TASK PROMPT: In full and unchanged, set down the entries that follow, with no images.

DATA PROVIDED:
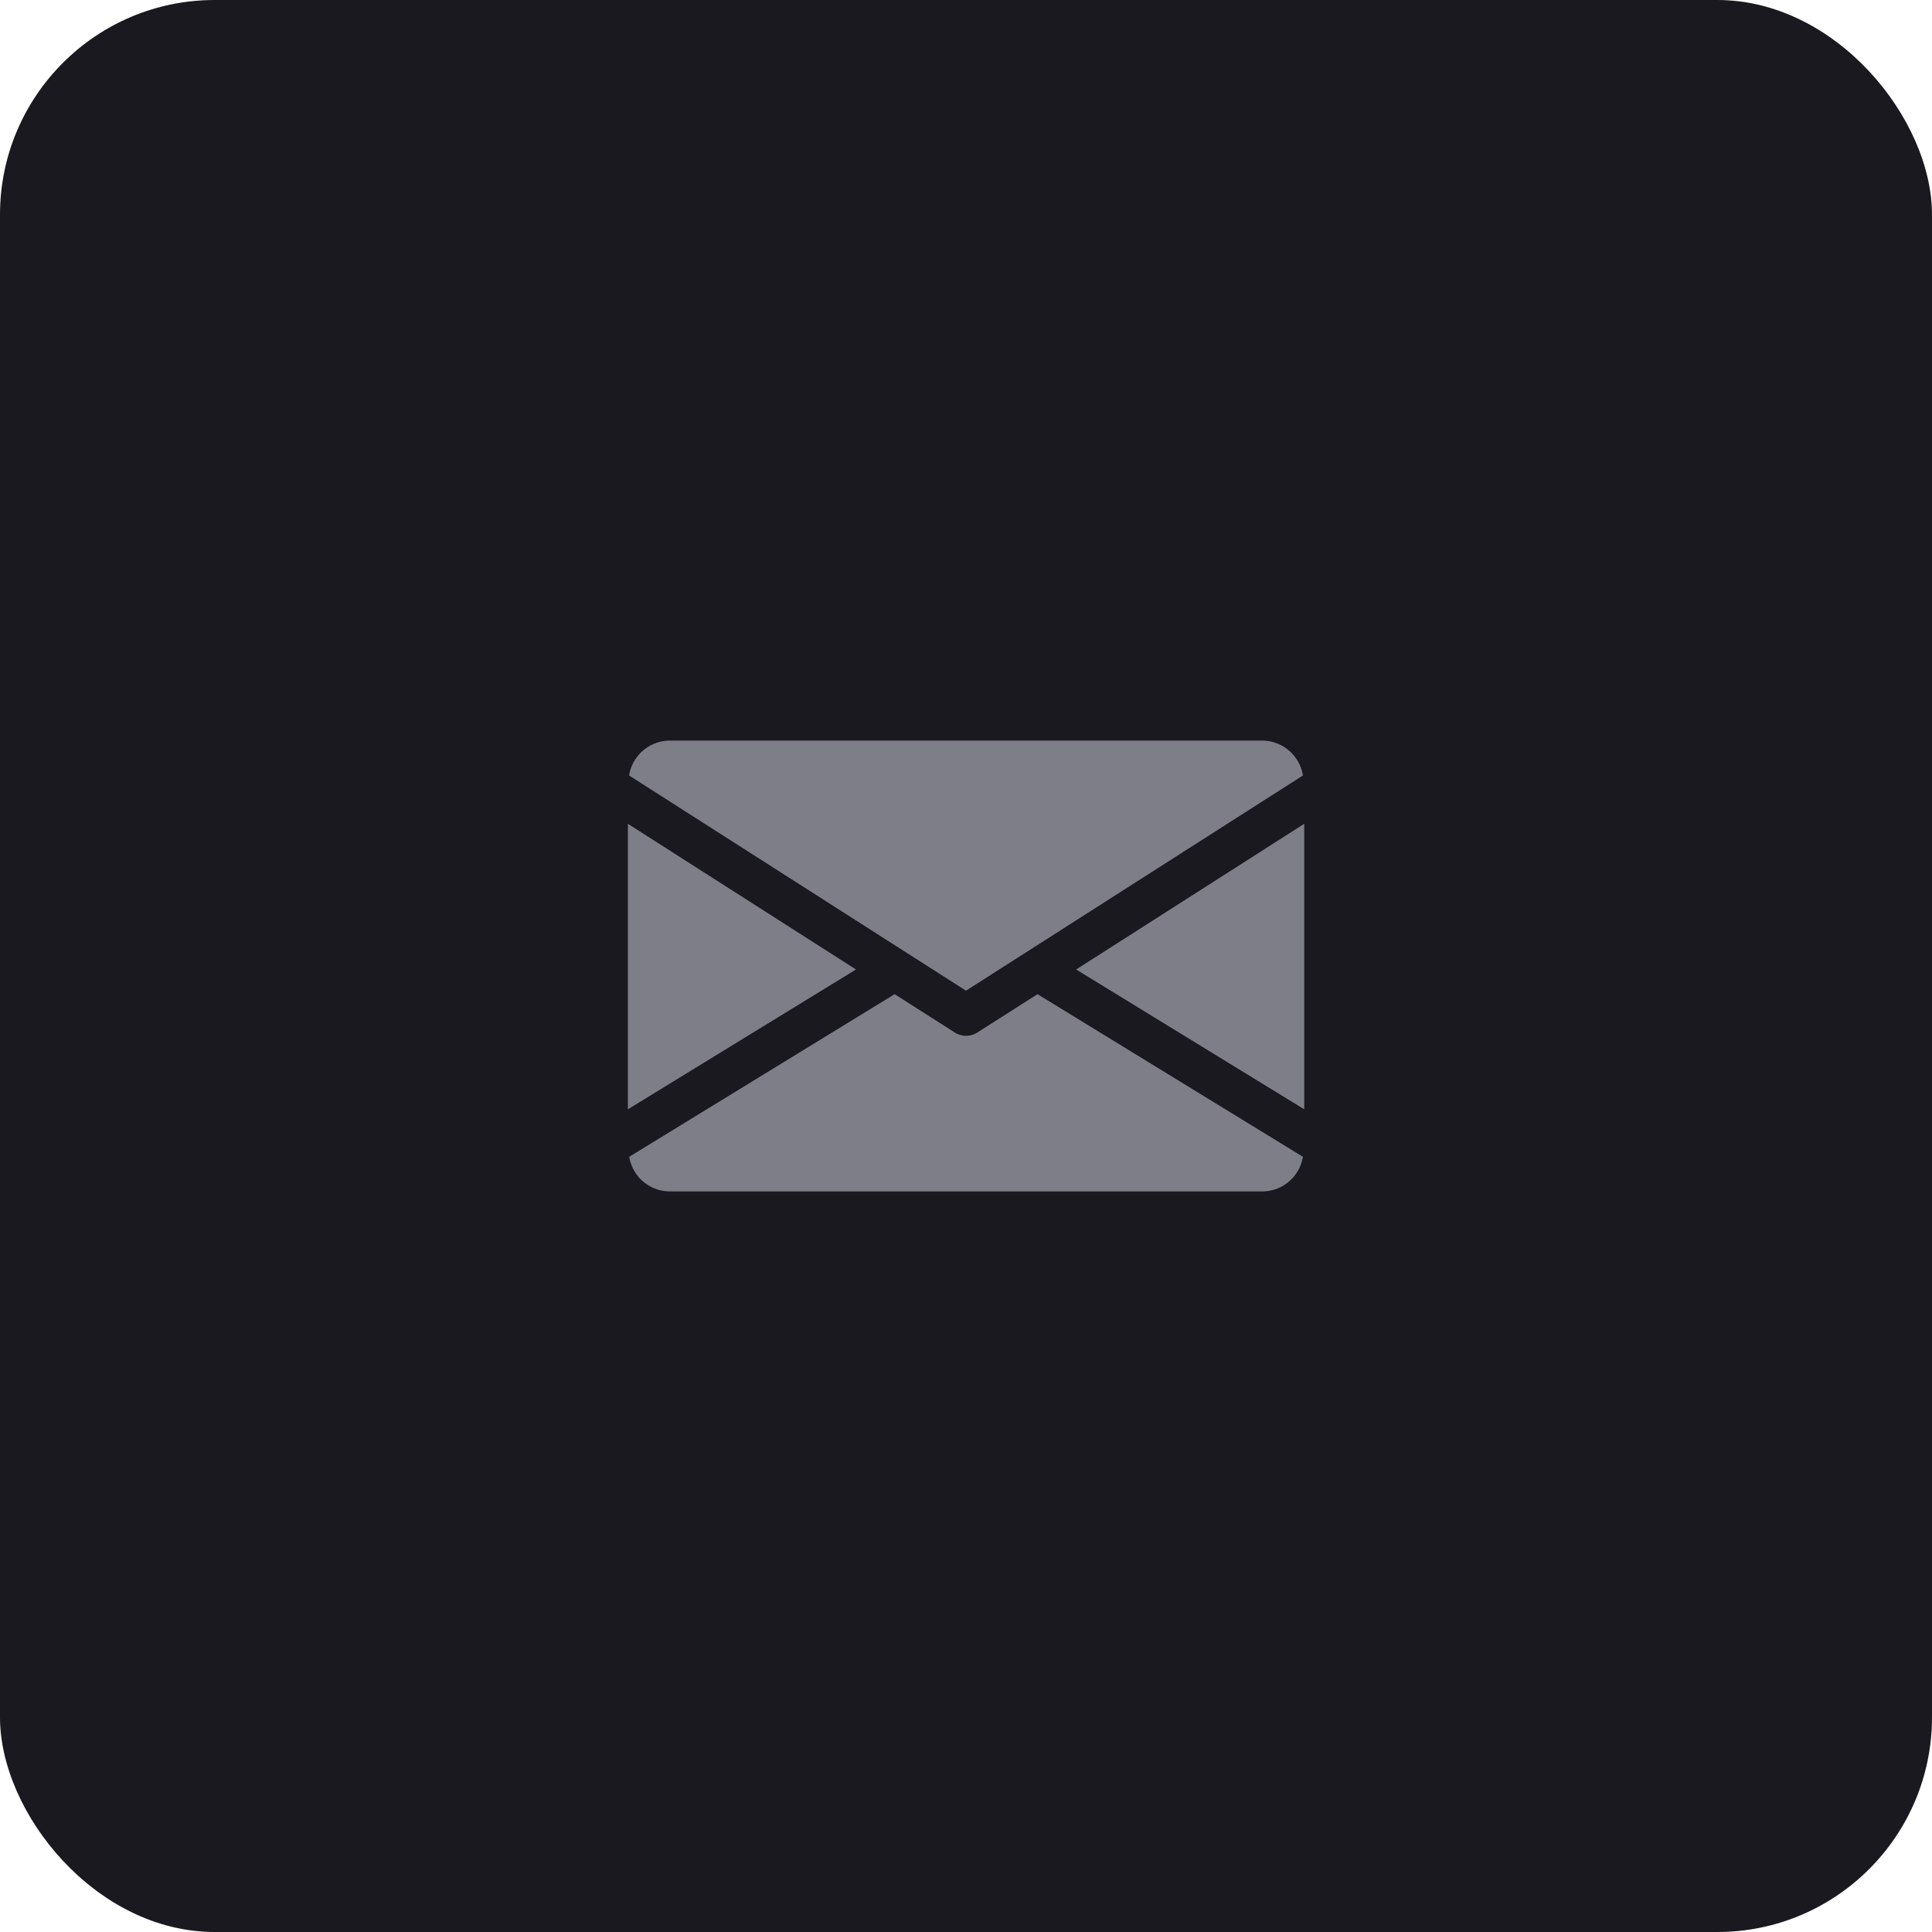 <svg xmlns="http://www.w3.org/2000/svg" width="72" height="72" viewBox="0 0 72 72">
  <defs>
    <style>
      .cls-1 {
        fill: #19191f;
      }

      .cls-2 {
        fill: #7e7e89;
        fill-rule: evenodd;
      }
    </style>
  </defs>
  <rect class="cls-1" width="72" height="72" rx="8" ry="8"/>
  <path class="cls-2" d="M573.105,4894.13l8.5,5.21V4888.7ZM556.4,4888.7v10.64l8.5-5.21Zm23.63-3.1H557.972a1.542,1.542,0,0,0-1.528,1.3L569,4894.92l12.556-8.02A1.543,1.543,0,0,0,580.027,4885.6Zm-8.365,9.45-2.229,1.42a0.786,0.786,0,0,1-.866,0l-2.23-1.42-9.89,6.06a1.535,1.535,0,0,0,1.525,1.29h22.055a1.535,1.535,0,0,0,1.525-1.29Z" transform="translate(-533 -4858)"/>
</svg>

SOLUTION FOR THIS PROBLEM:
 <svg xmlns="http://www.w3.org/2000/svg" width="72" height="72" viewBox="0 0 72 72">
  <defs>
    <style>
      .cls-1 {
        fill: #19191f;
      }

      .cls-2 {
        fill: #7e7e89;
        fill-rule: evenodd;
      }
    </style>
  </defs>
  <rect class="cls-1" width="72" height="72" rx="8" ry="8"/>
  <path class="cls-2" d="M573.105,4894.13l8.5,5.21V4888.7ZM556.4,4888.7v10.64l8.5-5.21Zm23.63-3.1H557.972a1.542,1.542,0,0,0-1.528,1.3L569,4894.92l12.556-8.02A1.543,1.543,0,0,0,580.027,4885.6Zm-8.365,9.45-2.229,1.42a0.786,0.786,0,0,1-.866,0l-2.23-1.42-9.89,6.06a1.535,1.535,0,0,0,1.525,1.29h22.055a1.535,1.535,0,0,0,1.525-1.29Z" transform="translate(-533 -4858)"/>
</svg>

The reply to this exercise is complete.